One aspect that I consider a significant plus is my code never
does poorly. Certainly it isn't the fastest in all cases, but
it's never abysmally slow.
To be fair, none of presented algorithms is abysmally slow.
When compared by number of visited points, they all appear to be within
factor of 2 or 2.5 of each other.
Some of them for some patterns could be 10-15 times slower than
others, but it does not happen for all patterns and when it happens
it's because of problematic implementation rather because of
differences in algorithms.
Even original naive recursive algorithm is not too slow when
implemented in optimized asm - 2.2x slower than the fastest for solid
square shape and closer than that for other shapes.
The big difference between algorithms is not a speed, but amount of
auxiliary memory used in the worst case.
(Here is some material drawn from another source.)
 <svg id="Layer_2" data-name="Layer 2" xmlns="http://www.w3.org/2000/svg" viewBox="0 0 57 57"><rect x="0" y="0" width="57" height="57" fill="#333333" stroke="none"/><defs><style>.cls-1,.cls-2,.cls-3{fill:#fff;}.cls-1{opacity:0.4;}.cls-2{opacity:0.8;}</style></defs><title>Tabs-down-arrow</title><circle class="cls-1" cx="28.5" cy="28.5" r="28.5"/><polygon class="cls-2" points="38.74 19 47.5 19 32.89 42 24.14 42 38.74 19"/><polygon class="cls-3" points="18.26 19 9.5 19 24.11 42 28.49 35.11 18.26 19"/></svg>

Your algorithm appears to be
the best in that department, Malcolm's algorithm it's also quite good
and all others (plain recursion, stacks, my deferred stack, all my
cross variants, lines-oriented recursion of : Peter 'Shaggy'
Haywood) are a lot worse.
But even by that metric, the difference between different
implementations of the same algorithm is often much bigger than
difference between algorithms.
For example, solid 200x200 image with starting point in the corner
recolored by code presented in first Malcolm's post (not his own
algorithm, but recursive algorithm that he presented as a reference
point) on x86-64/gcc consumes 5,094,784 bytes of stack. After small
modification (all non-changing parameters aggregated in structure
and passed by reference) the footprint falls to 2,547,328 B.
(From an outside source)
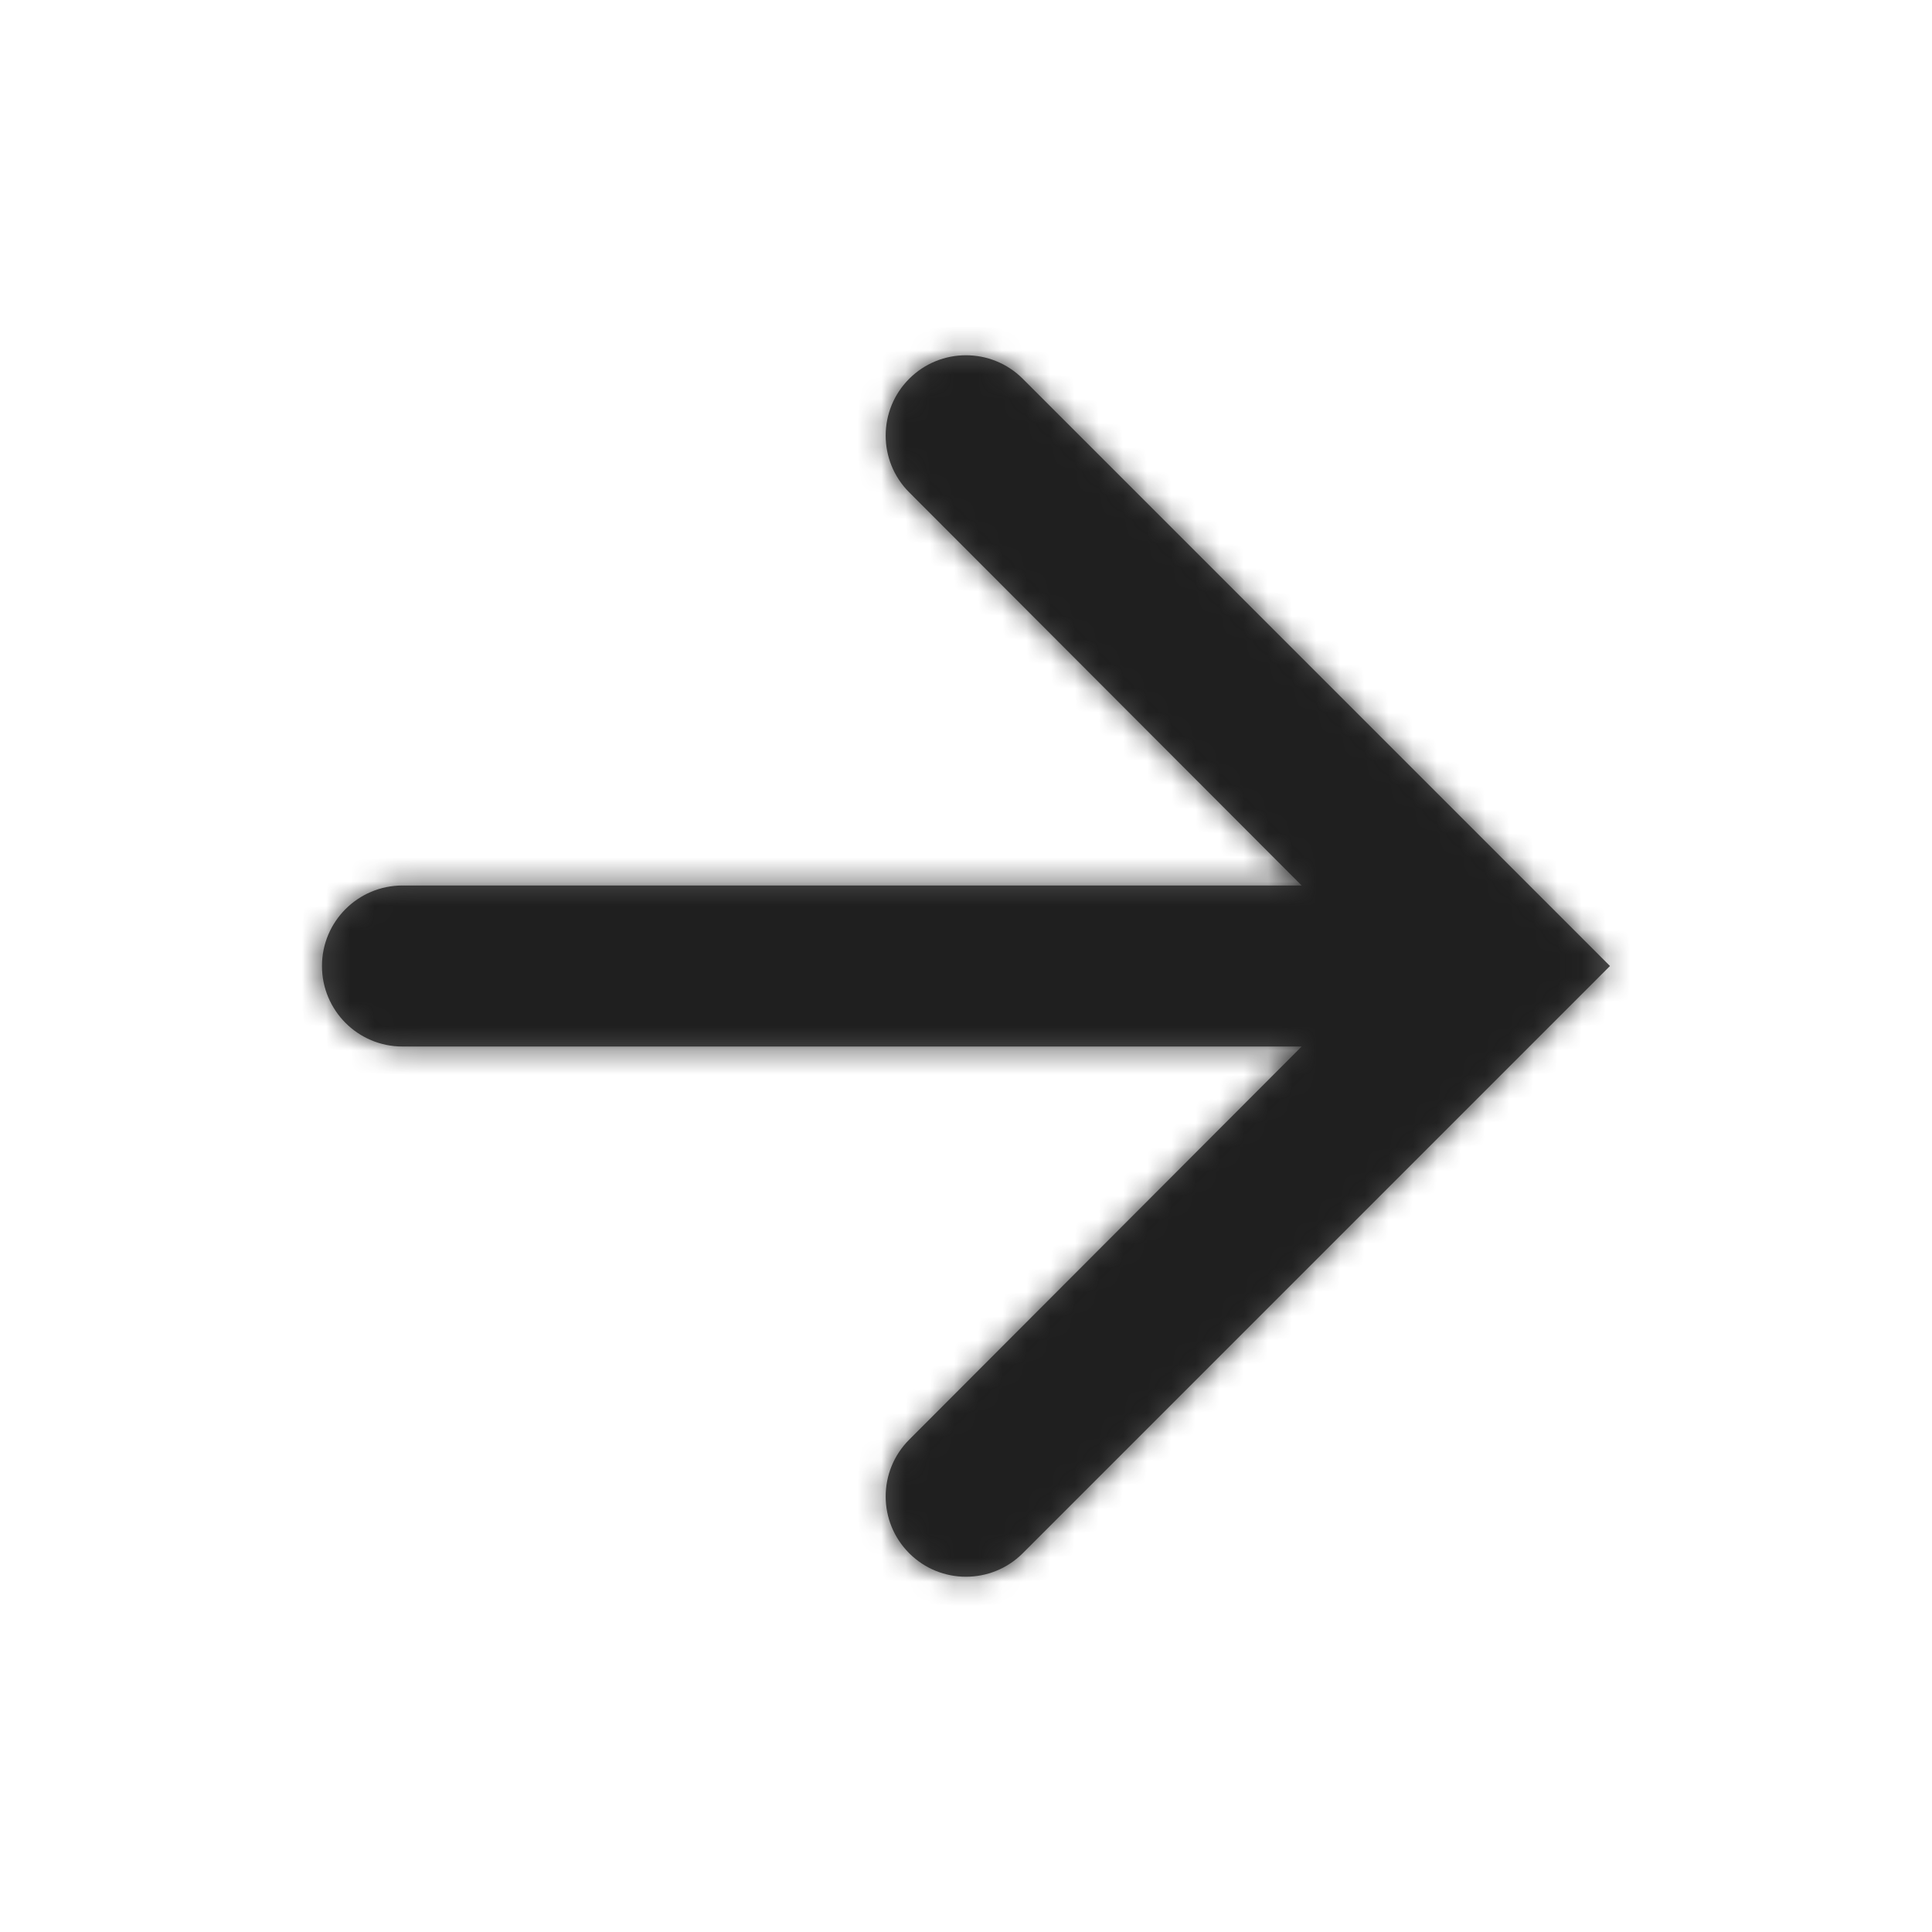 <?xml version="1.0" encoding="UTF-8"?> <svg xmlns="http://www.w3.org/2000/svg" width="80" height="80" viewBox="0 0 80 80" fill="none"> <path fill-rule="evenodd" clip-rule="evenodd" d="M42.35 15.684C41.051 14.386 38.946 14.386 37.648 15.684C36.35 16.982 36.349 19.086 37.645 20.384L53.899 36.667H16.665C14.824 36.667 13.332 38.159 13.332 40C13.332 41.841 14.824 43.334 16.665 43.334H53.899L37.645 59.616C36.349 60.915 36.35 63.018 37.648 64.316C38.946 65.614 41.051 65.614 42.35 64.316L66.665 40L42.35 15.684Z" fill="black" fill-opacity="0.7"></path> <mask id="mask0_298_477" style="mask-type:alpha" maskUnits="userSpaceOnUse" x="13" y="14" width="54" height="52"> <path fill-rule="evenodd" clip-rule="evenodd" d="M42.35 15.684C41.051 14.386 38.946 14.386 37.648 15.684C36.35 16.982 36.349 19.086 37.645 20.384L53.899 36.667H16.665C14.824 36.667 13.332 38.159 13.332 40C13.332 41.841 14.824 43.334 16.665 43.334H53.899L37.645 59.616C36.349 60.915 36.35 63.018 37.648 64.316C38.946 65.614 41.051 65.614 42.35 64.316L66.665 40L42.35 15.684Z" fill="white"></path> </mask> <g mask="url(#mask0_298_477)"> <rect width="80" height="80" fill="#1F1F1F"></rect> </g> </svg>

Coding the same algorithm (well, almost the same) in asm reduces it to
32,0000 B. Coding it with explicit stack cuts it to 40,000 B. Now I
didn't actually coded it, but I know how to compress explicit stack
down to 2 bits per level of recursion. If implemented, it would be
10,000B, i.e. comparable with much more economical algorithm of Malcolm
and 512x smaller than original implementation of [well, almost] the
same algorithm!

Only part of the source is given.